------ DATA EXCERPTS

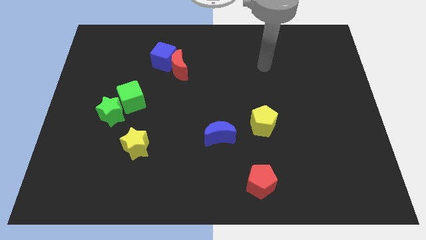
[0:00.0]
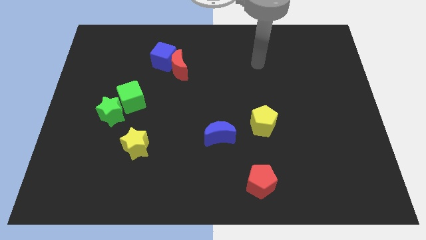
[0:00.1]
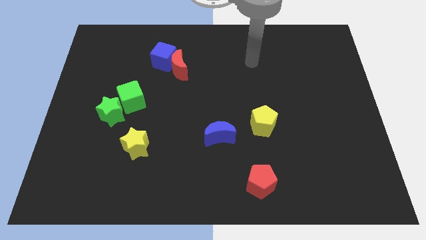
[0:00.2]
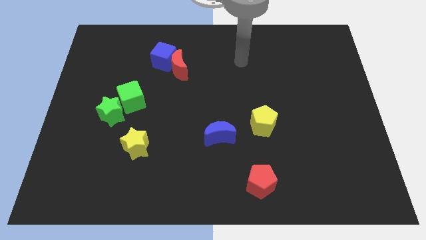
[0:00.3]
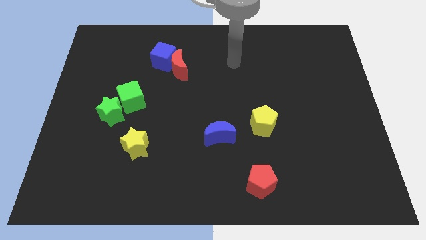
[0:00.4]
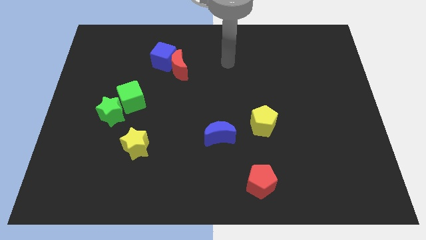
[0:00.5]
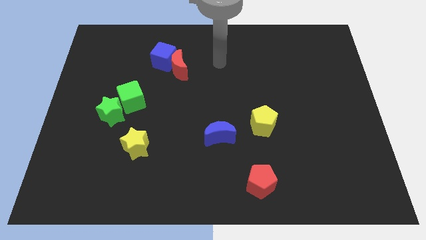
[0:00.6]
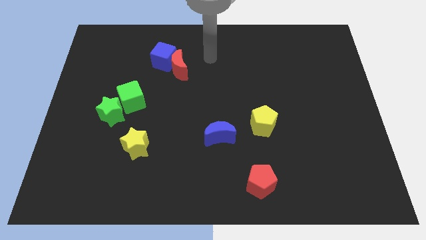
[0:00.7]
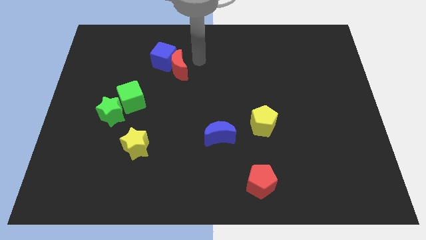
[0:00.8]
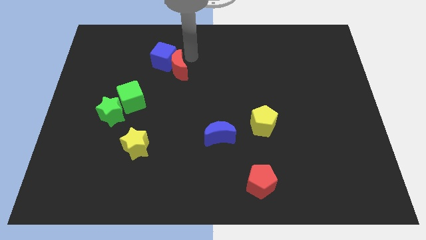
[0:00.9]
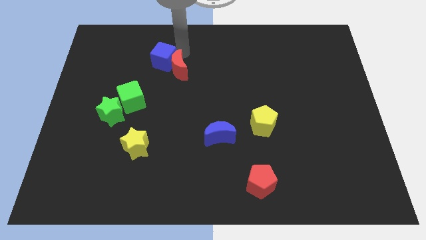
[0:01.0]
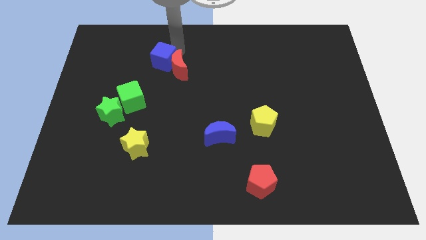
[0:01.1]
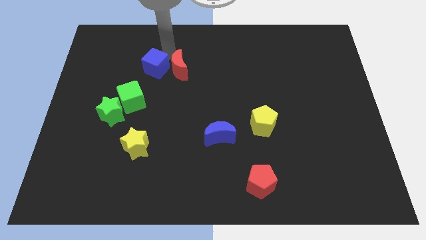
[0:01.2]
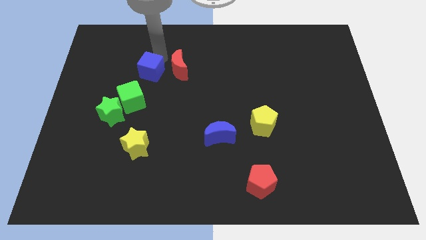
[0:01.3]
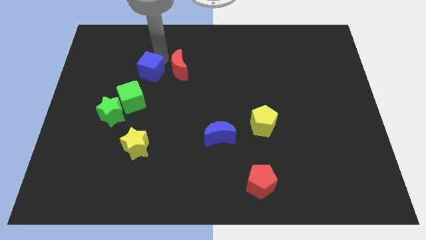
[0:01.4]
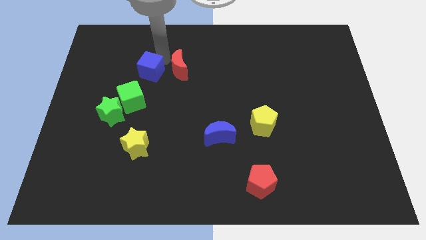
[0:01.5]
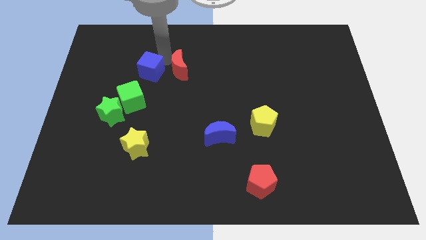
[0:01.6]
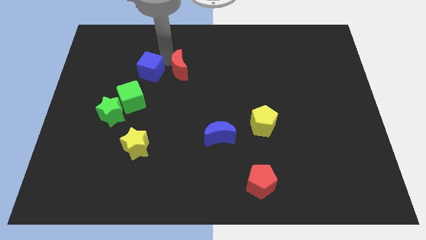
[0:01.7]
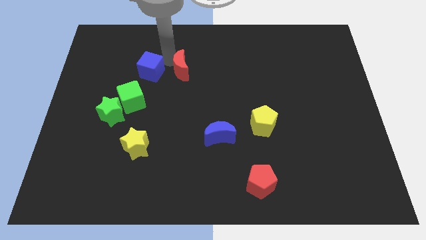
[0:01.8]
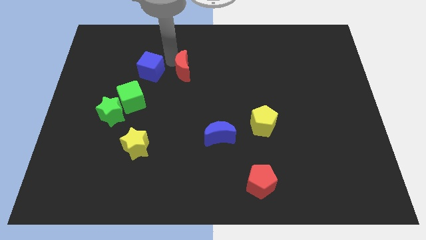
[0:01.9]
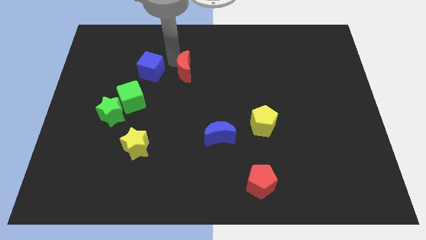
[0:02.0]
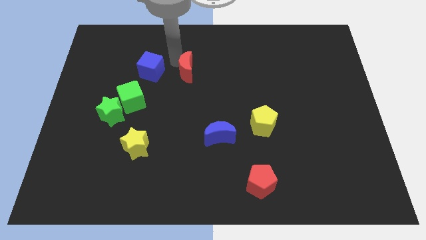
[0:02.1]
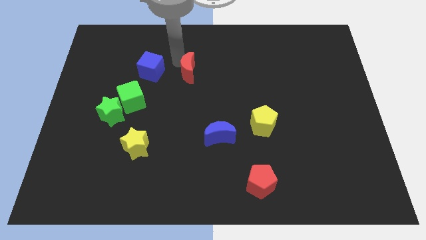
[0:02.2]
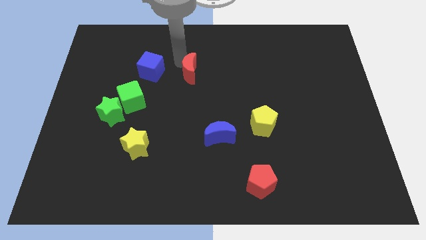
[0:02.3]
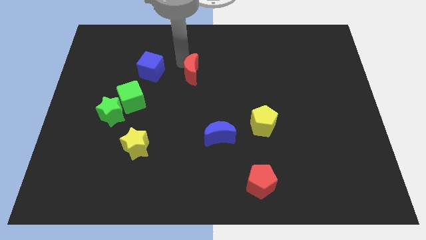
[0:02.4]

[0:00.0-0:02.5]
move the red moon away from the blue cube

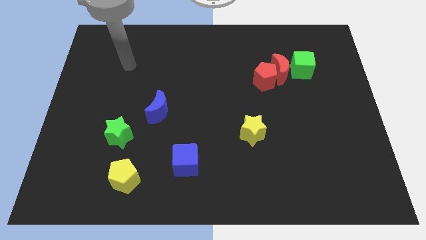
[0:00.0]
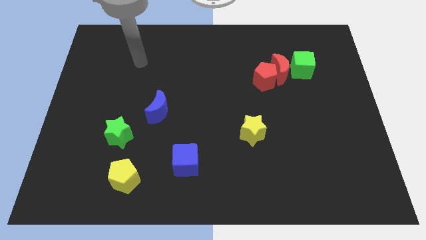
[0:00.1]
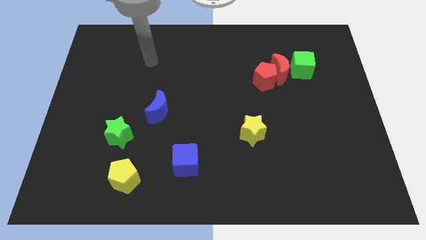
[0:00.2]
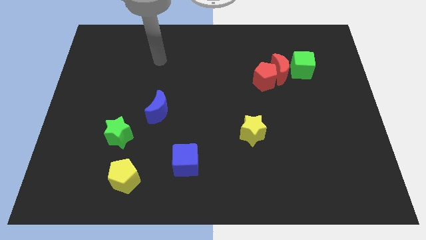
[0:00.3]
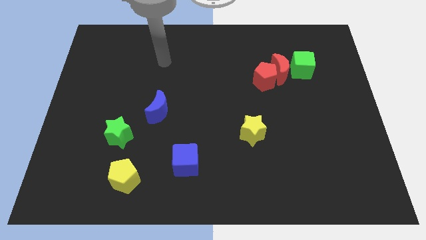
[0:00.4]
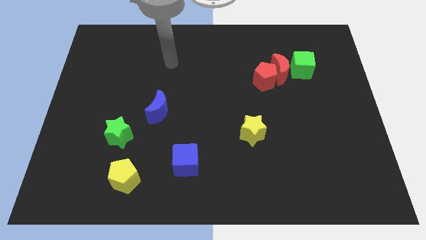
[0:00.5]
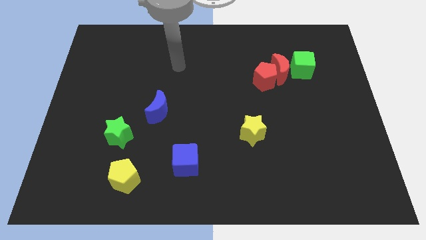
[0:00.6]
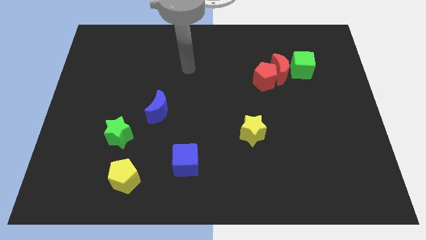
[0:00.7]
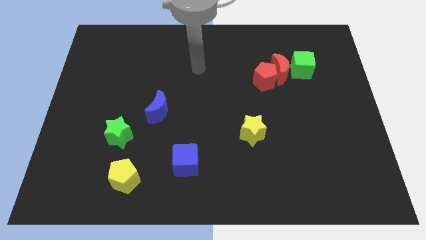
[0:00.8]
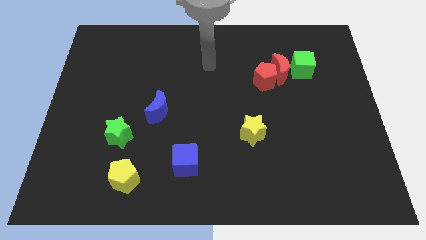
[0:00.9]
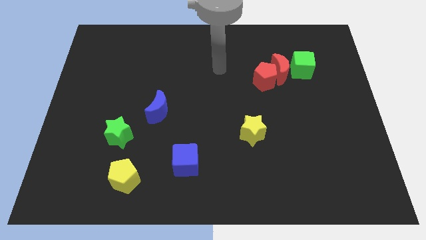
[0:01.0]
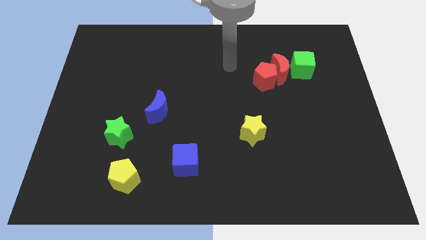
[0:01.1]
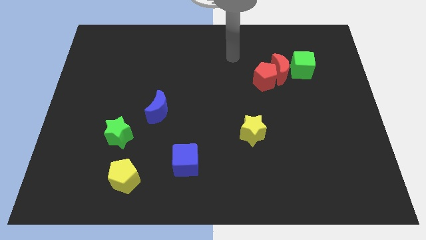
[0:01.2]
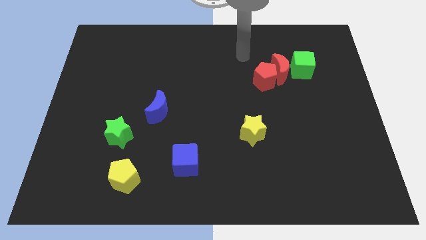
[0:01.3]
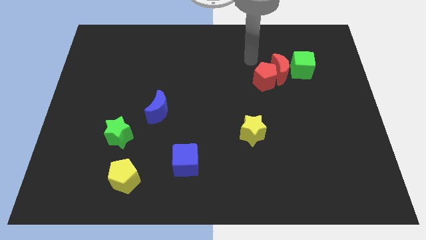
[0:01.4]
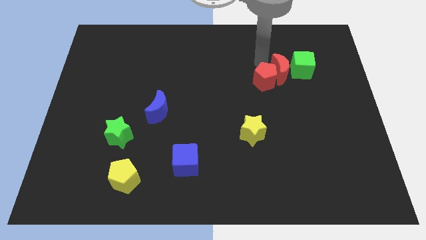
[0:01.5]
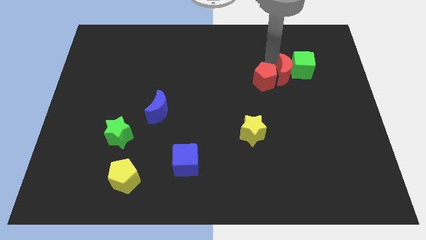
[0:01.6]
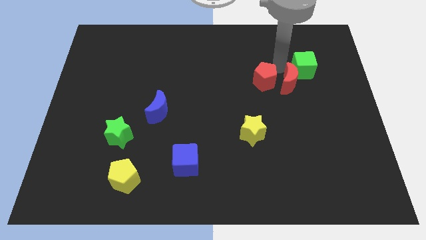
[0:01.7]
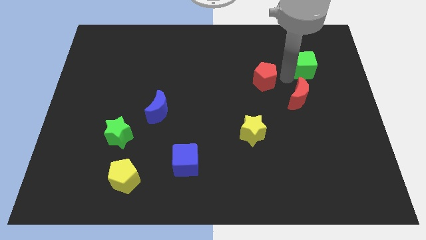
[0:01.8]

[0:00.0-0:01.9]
move the red pentagon away from the red moon

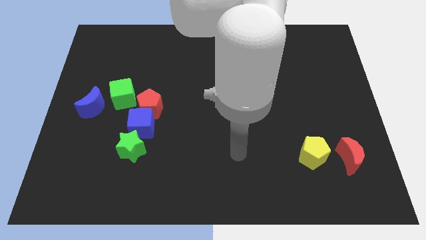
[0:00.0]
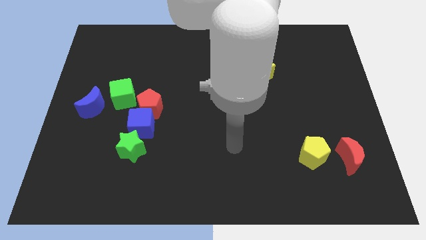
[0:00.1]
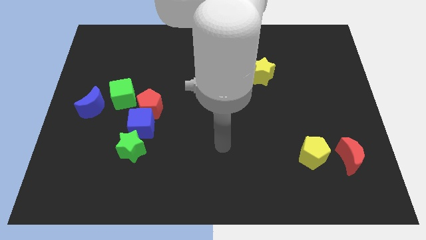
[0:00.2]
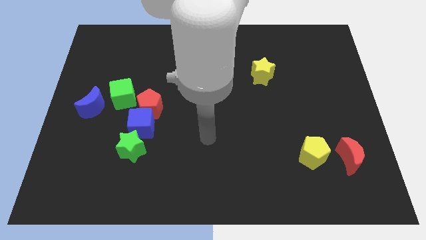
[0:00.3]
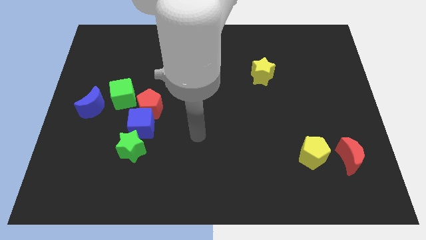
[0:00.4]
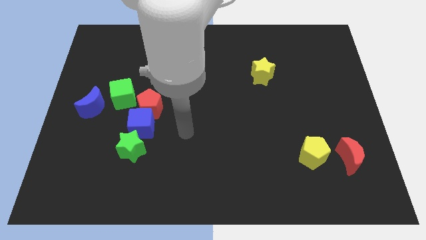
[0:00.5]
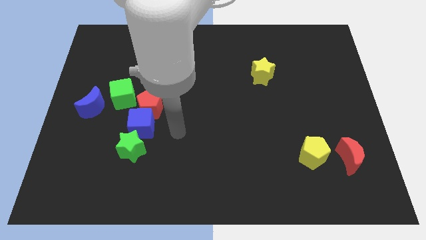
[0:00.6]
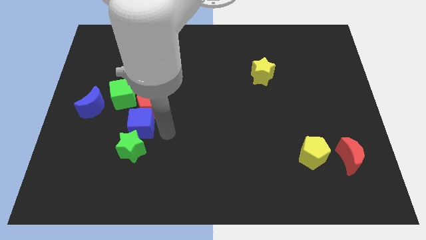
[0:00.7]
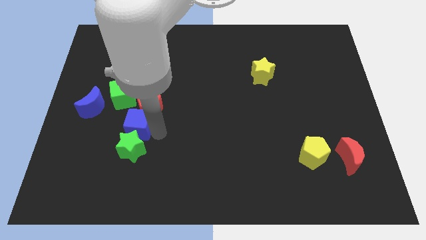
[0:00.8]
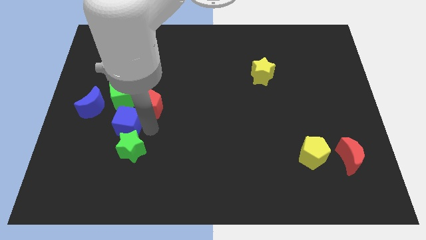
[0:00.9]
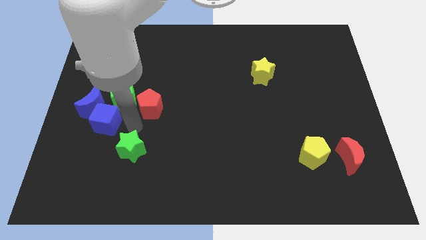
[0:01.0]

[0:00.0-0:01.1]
move the green star away from the blue cube

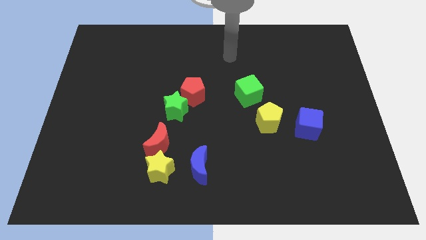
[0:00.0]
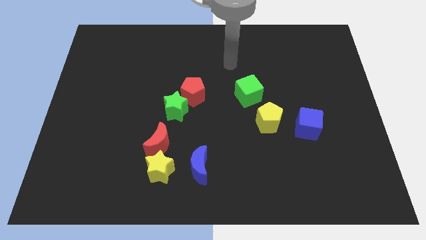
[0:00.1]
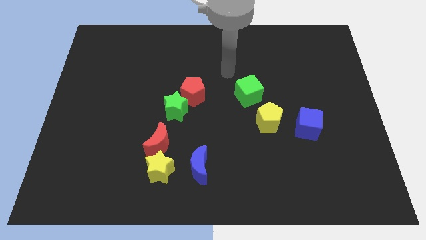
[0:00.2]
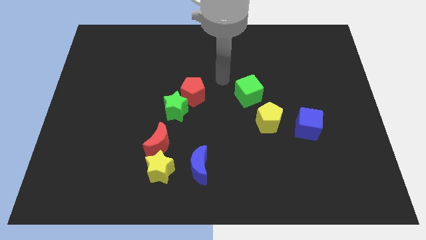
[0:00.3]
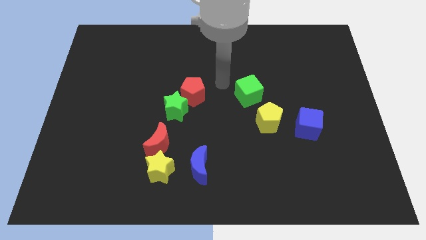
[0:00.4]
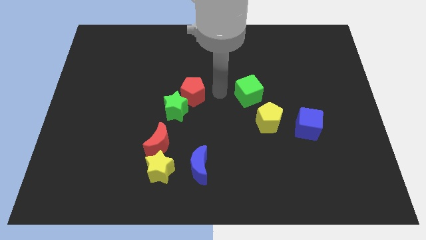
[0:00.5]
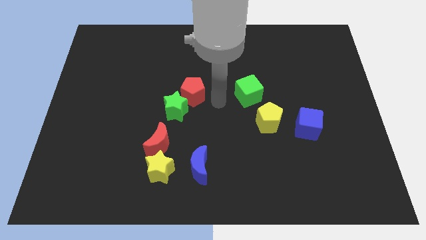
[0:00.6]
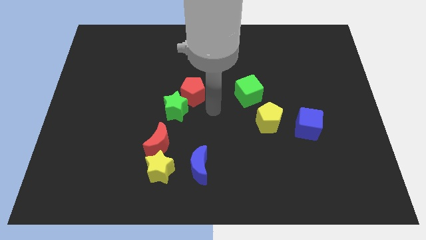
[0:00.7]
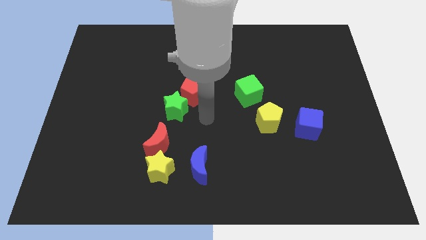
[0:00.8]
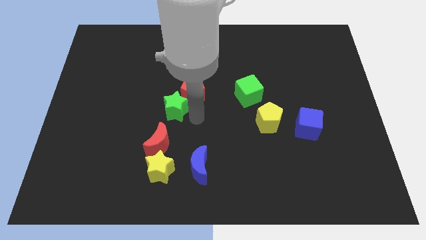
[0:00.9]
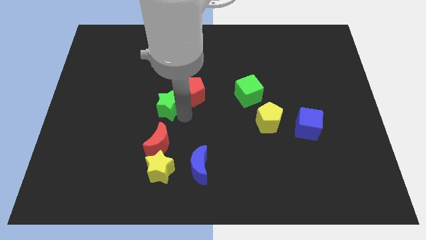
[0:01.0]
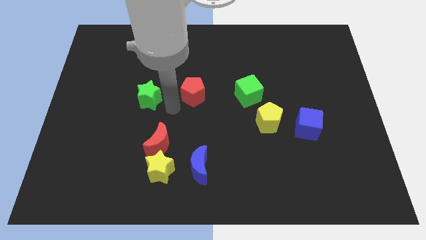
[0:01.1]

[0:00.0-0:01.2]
move the red pentagon away from the green star

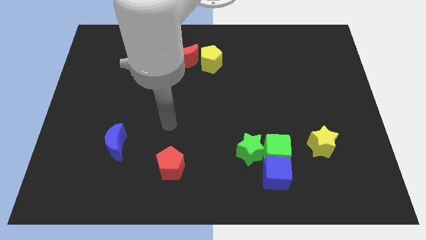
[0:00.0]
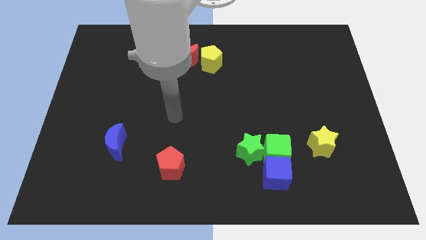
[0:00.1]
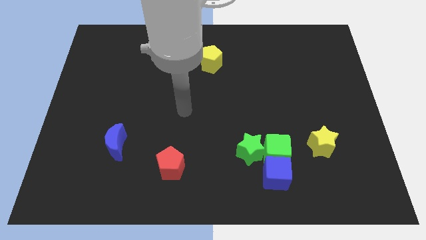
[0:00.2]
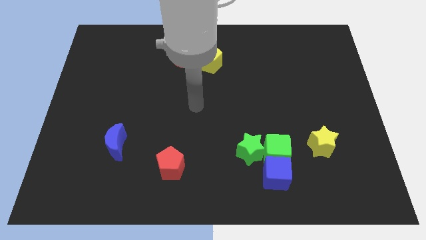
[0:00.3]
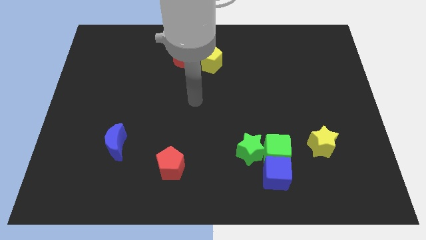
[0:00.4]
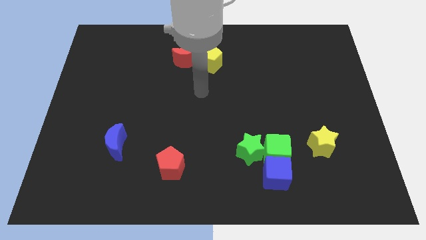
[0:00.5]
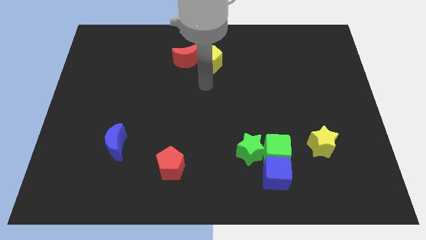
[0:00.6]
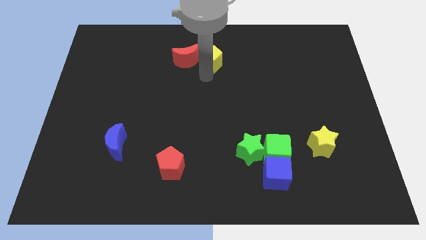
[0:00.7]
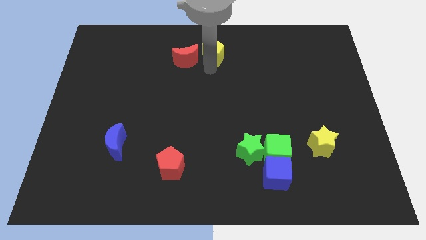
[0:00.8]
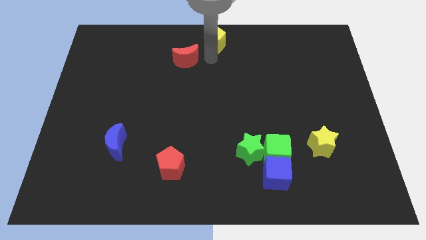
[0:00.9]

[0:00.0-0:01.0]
pull the red moon apart from the yellow pentagon

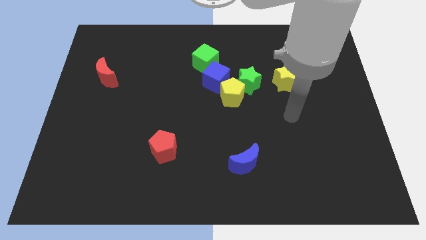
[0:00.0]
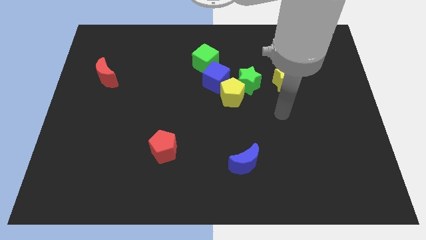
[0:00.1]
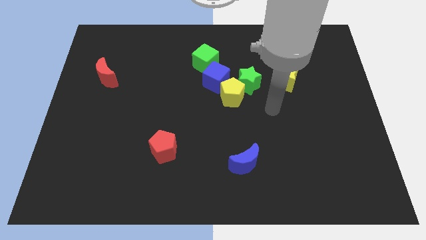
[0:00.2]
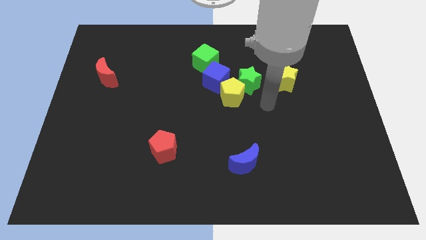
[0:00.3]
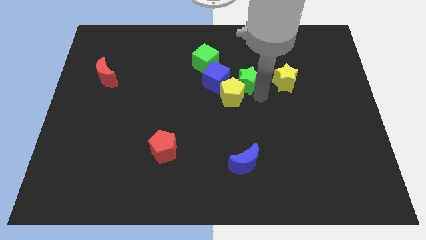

------------

> TASK DESCRIPTION:
Without the pictures, copy the material exactly as given.

> THE ANSWER:
[0:00.0]
[0:00.1]
[0:00.2]
[0:00.3]
[0:00.4]
[0:00.5]
[0:00.6]
[0:00.7]
[0:00.8]
[0:00.9]
[0:01.0]
[0:01.1]
[0:01.2]
[0:01.3]
[0:01.4]
[0:01.5]
[0:01.6]
[0:01.7]
[0:01.8]
[0:01.9]
[0:02.0]
[0:02.1]
[0:02.2]
[0:02.3]
[0:02.4]

[0:00.0-0:02.5]
move the red moon away from the blue cube

[0:00.0]
[0:00.1]
[0:00.2]
[0:00.3]
[0:00.4]
[0:00.5]
[0:00.6]
[0:00.7]
[0:00.8]
[0:00.9]
[0:01.0]
[0:01.1]
[0:01.2]
[0:01.3]
[0:01.4]
[0:01.5]
[0:01.6]
[0:01.7]
[0:01.8]

[0:00.0-0:01.9]
move the red pentagon away from the red moon

[0:00.0]
[0:00.1]
[0:00.2]
[0:00.3]
[0:00.4]
[0:00.5]
[0:00.6]
[0:00.7]
[0:00.8]
[0:00.9]
[0:01.0]

[0:00.0-0:01.1]
move the green star away from the blue cube

[0:00.0]
[0:00.1]
[0:00.2]
[0:00.3]
[0:00.4]
[0:00.5]
[0:00.6]
[0:00.7]
[0:00.8]
[0:00.9]
[0:01.0]
[0:01.1]

[0:00.0-0:01.2]
move the red pentagon away from the green star

[0:00.0]
[0:00.1]
[0:00.2]
[0:00.3]
[0:00.4]
[0:00.5]
[0:00.6]
[0:00.7]
[0:00.8]
[0:00.9]

[0:00.0-0:01.0]
pull the red moon apart from the yellow pentagon

[0:00.0]
[0:00.1]
[0:00.2]
[0:00.3]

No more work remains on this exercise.